* **Task goal**: Omit every picture, then return the listing verbatim.

* **Extracted information**:
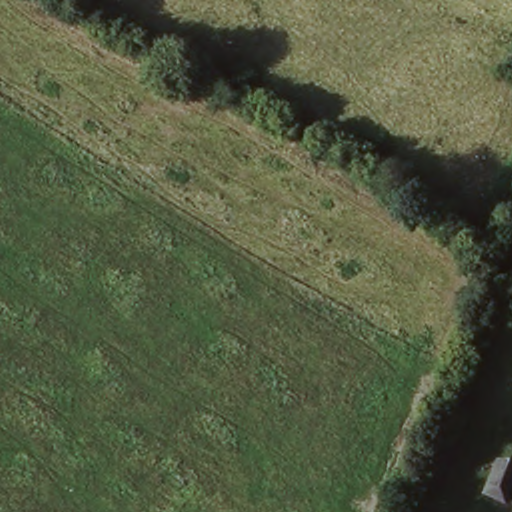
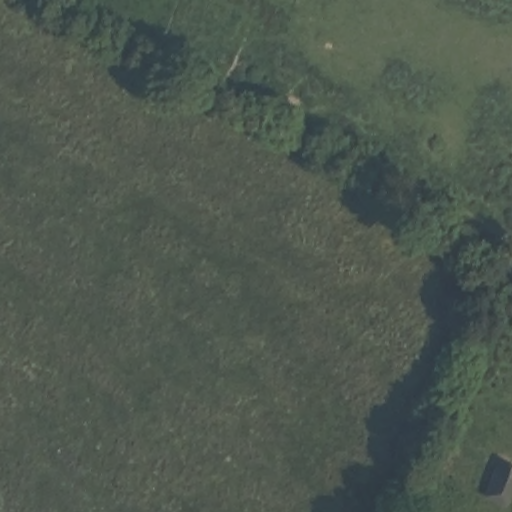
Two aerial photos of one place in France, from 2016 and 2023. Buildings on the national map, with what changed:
unchanged [(512,487),(503,503),(485,492),(500,466),(512,471),(512,487)]

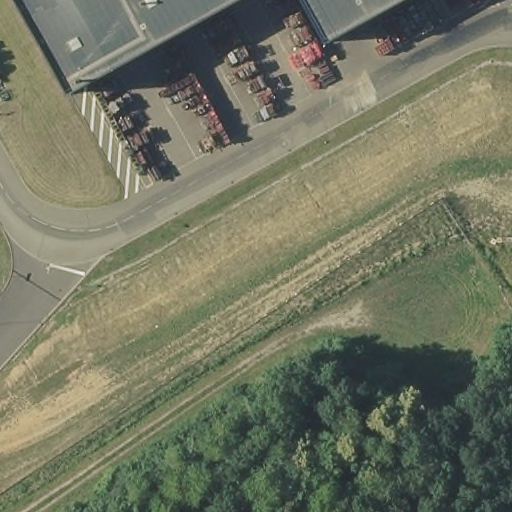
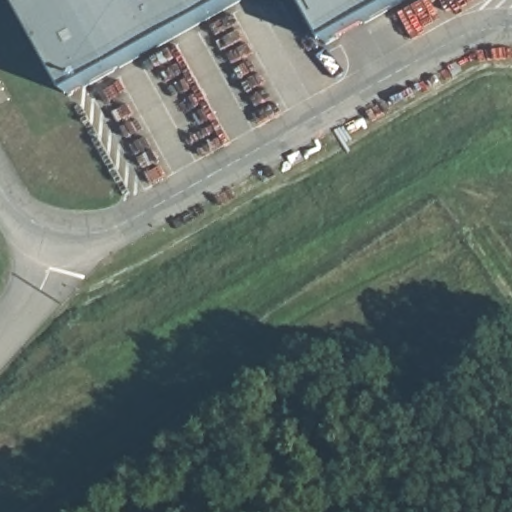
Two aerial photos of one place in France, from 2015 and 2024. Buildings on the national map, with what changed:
unchanged [(69,96),(16,0),(242,0),(69,96)]
unchanged [(326,45),(302,0),(407,0),(326,45)]

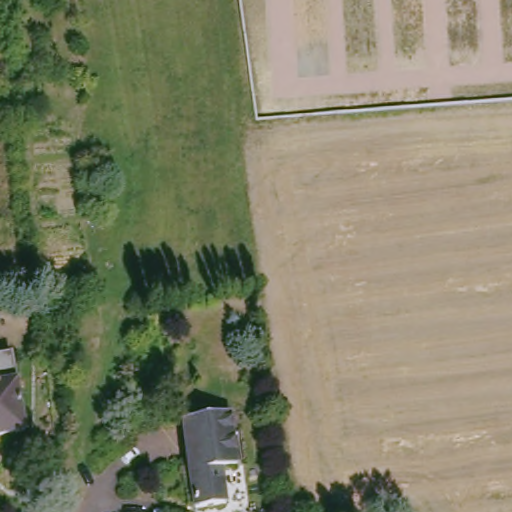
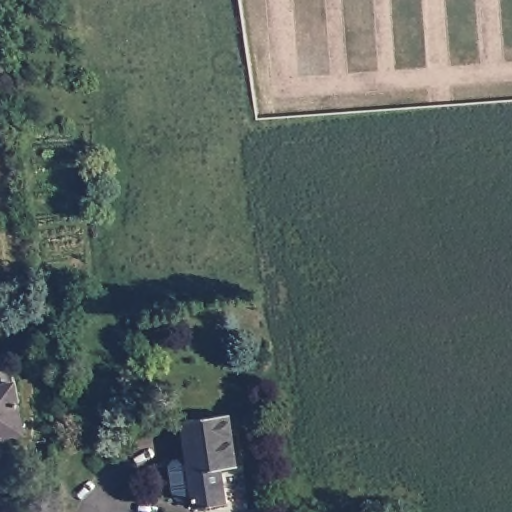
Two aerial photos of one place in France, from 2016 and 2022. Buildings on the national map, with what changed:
unchanged [(14,357),(27,428),(0,432),(0,359),(14,357)]
unchanged [(230,413),(235,463),(222,464),(225,501),(193,503),(184,417),(230,413)]

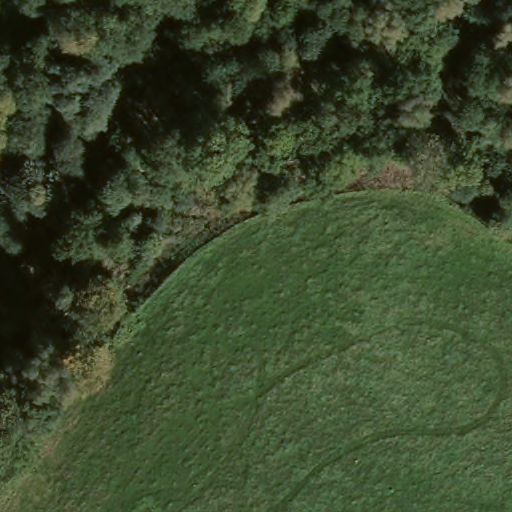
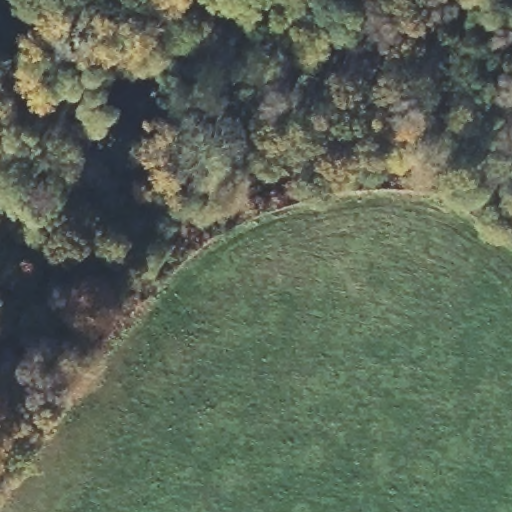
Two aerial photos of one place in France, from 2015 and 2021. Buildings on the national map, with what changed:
[]

* **Exercise result**:
Two aerial photos of one place in France, from 2016 and 2023. Buildings on the national map, with what changed:
unchanged [(512,487),(503,503),(485,492),(500,466),(512,471),(512,487)]

Two aerial photos of one place in France, from 2015 and 2024. Buildings on the national map, with what changed:
unchanged [(69,96),(16,0),(242,0),(69,96)]
unchanged [(326,45),(302,0),(407,0),(326,45)]

Two aerial photos of one place in France, from 2016 and 2022. Buildings on the national map, with what changed:
unchanged [(14,357),(27,428),(0,432),(0,359),(14,357)]
unchanged [(230,413),(235,463),(222,464),(225,501),(193,503),(184,417),(230,413)]

Two aerial photos of one place in France, from 2015 and 2021. Buildings on the national map, with what changed:
[]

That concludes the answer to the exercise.